» **WHAT THIS TASK INVOLVES**: Output each entry below as it stands, leaving out every picture.

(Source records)
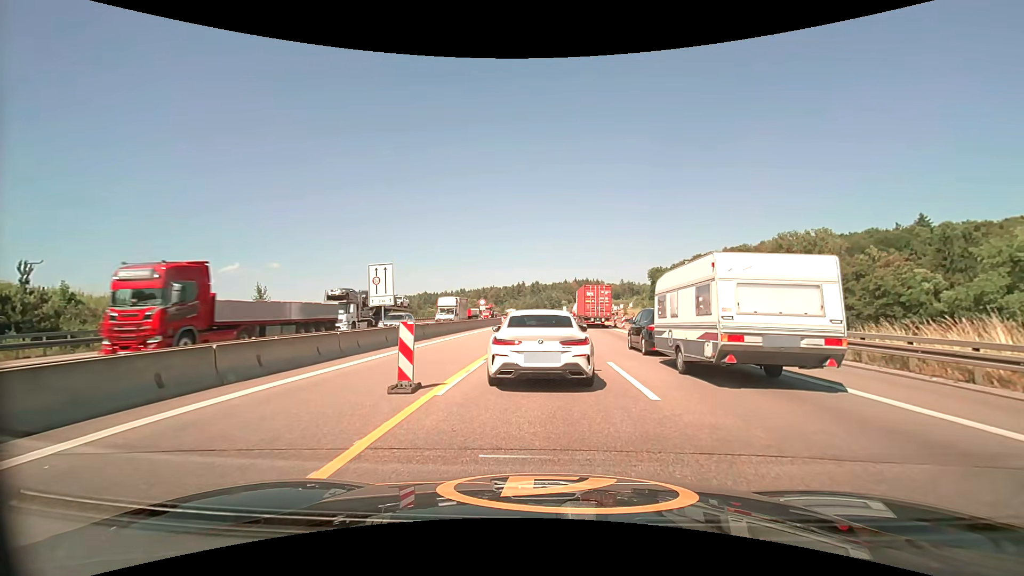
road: motorway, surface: asphalt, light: Day
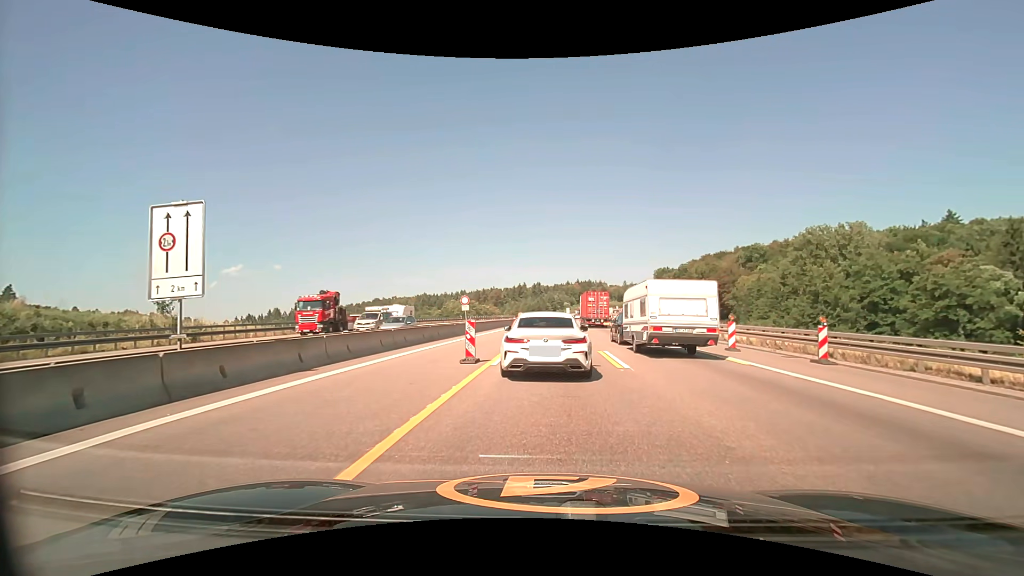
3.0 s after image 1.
(-0.1, +13.8) m; 0°
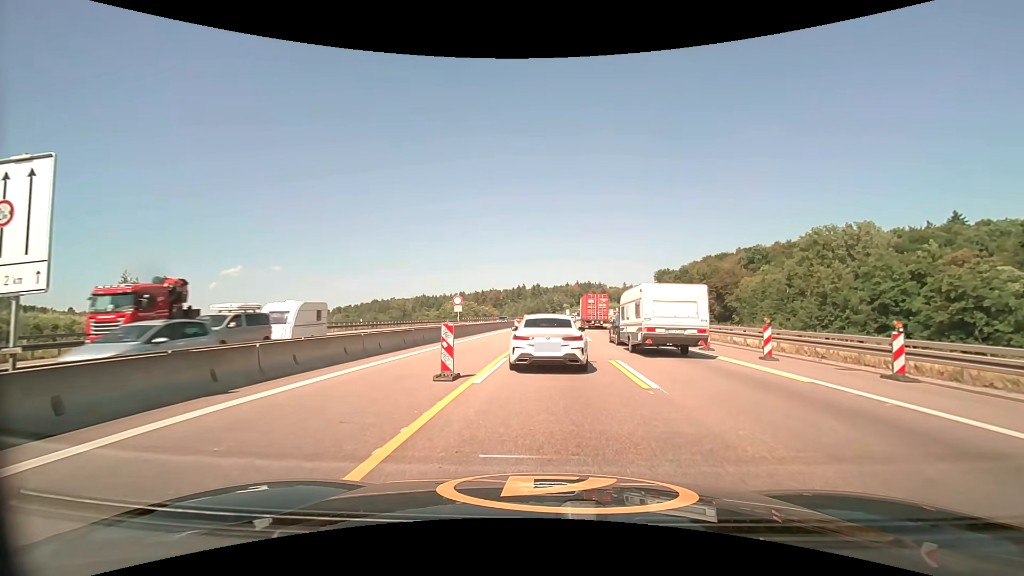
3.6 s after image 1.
(0.0, +3.4) m; 0°
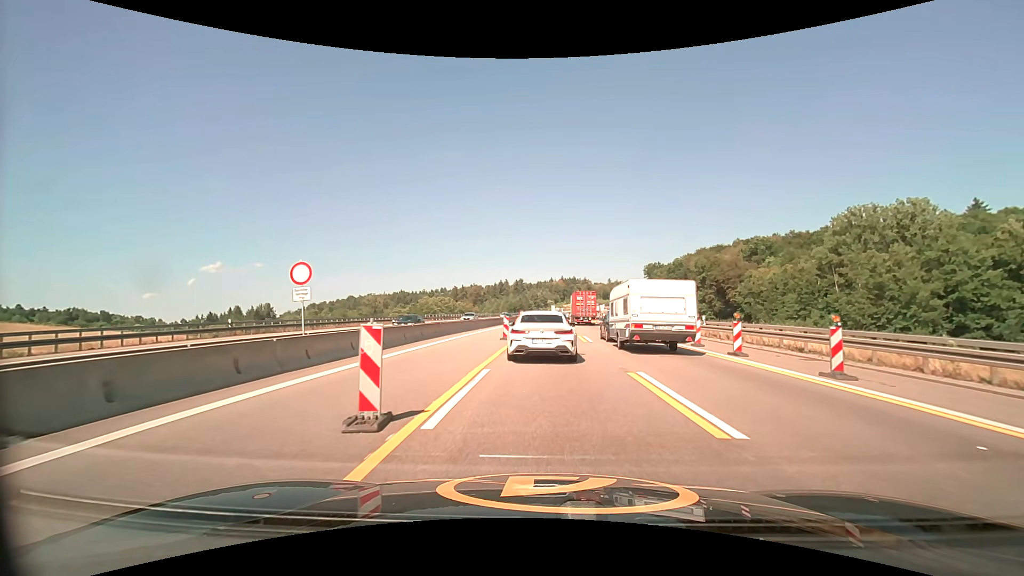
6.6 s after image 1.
(+0.4, +23.4) m; +2°
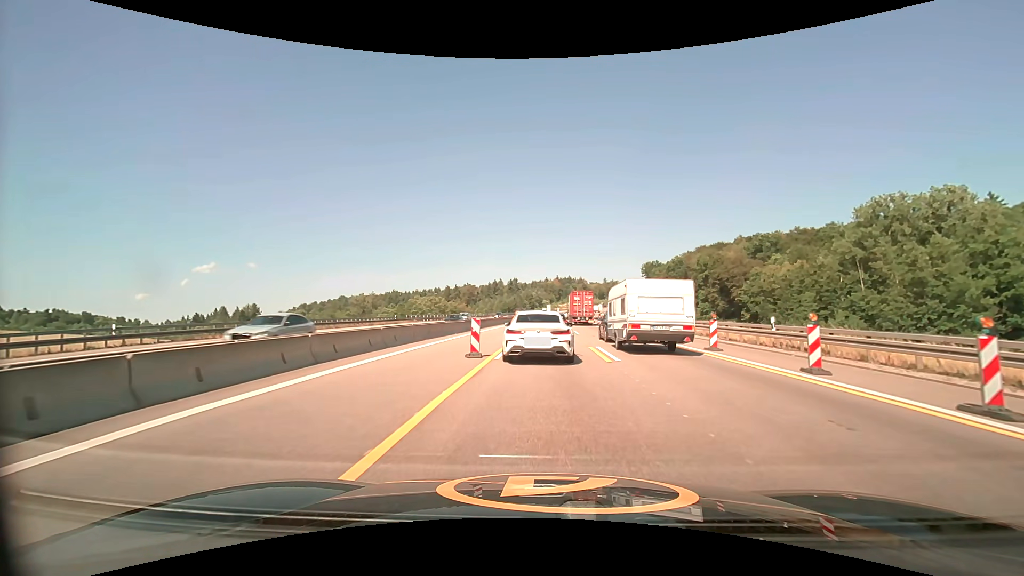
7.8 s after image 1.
(0.0, +10.0) m; +1°
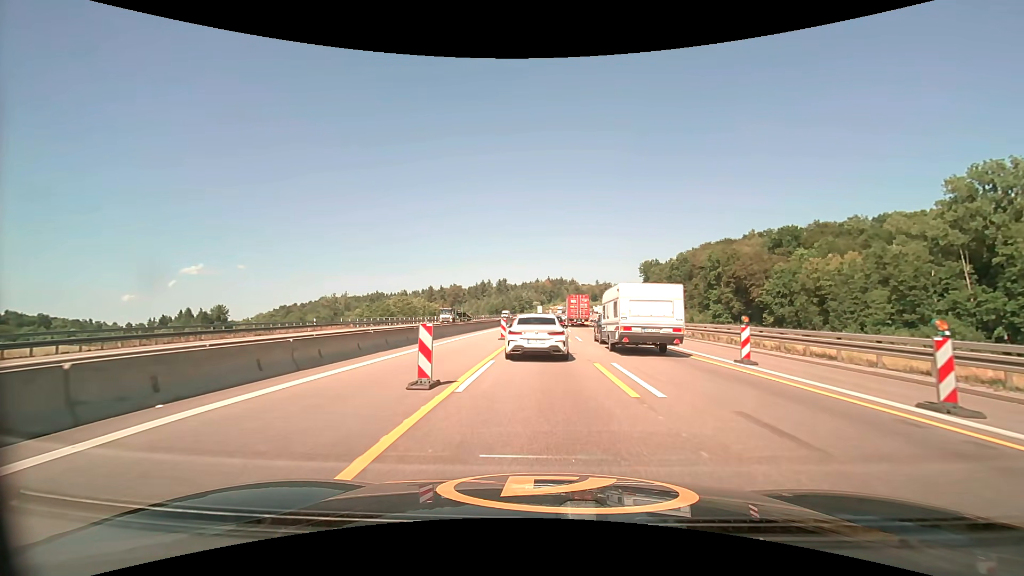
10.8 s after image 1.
(+0.2, +25.0) m; +1°
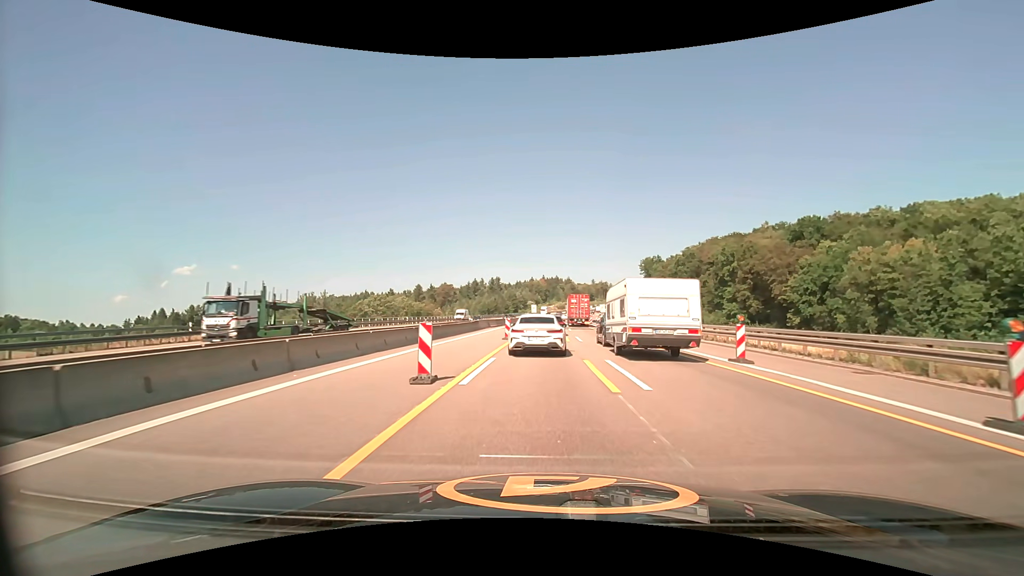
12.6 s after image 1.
(+0.1, +18.3) m; +1°
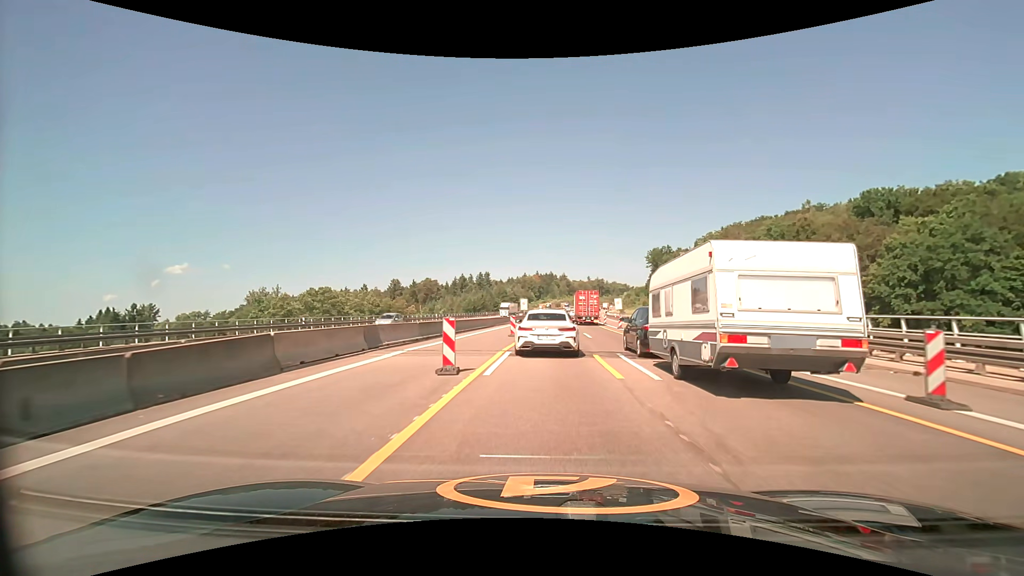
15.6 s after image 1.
(+0.1, +35.3) m; +1°
(0, +10) (0, +20) (+1, +30) (+1, +40) (+1, +50) (+2, +60) (+2, +70) (+3, +80) (+3, +90) (+4, +100) m

» **WORKED SOLUTION**:
road: motorway, surface: asphalt, light: Day
3.0 s after image 1.
(-0.1, +13.8) m; 0°
3.6 s after image 1.
(0.0, +3.4) m; 0°
6.6 s after image 1.
(+0.4, +23.4) m; +2°
7.8 s after image 1.
(0.0, +10.0) m; +1°
10.8 s after image 1.
(+0.2, +25.0) m; +1°
12.6 s after image 1.
(+0.1, +18.3) m; +1°
15.6 s after image 1.
(+0.1, +35.3) m; +1°
(0, +10) (0, +20) (+1, +30) (+1, +40) (+1, +50) (+2, +60) (+2, +70) (+3, +80) (+3, +90) (+4, +100) m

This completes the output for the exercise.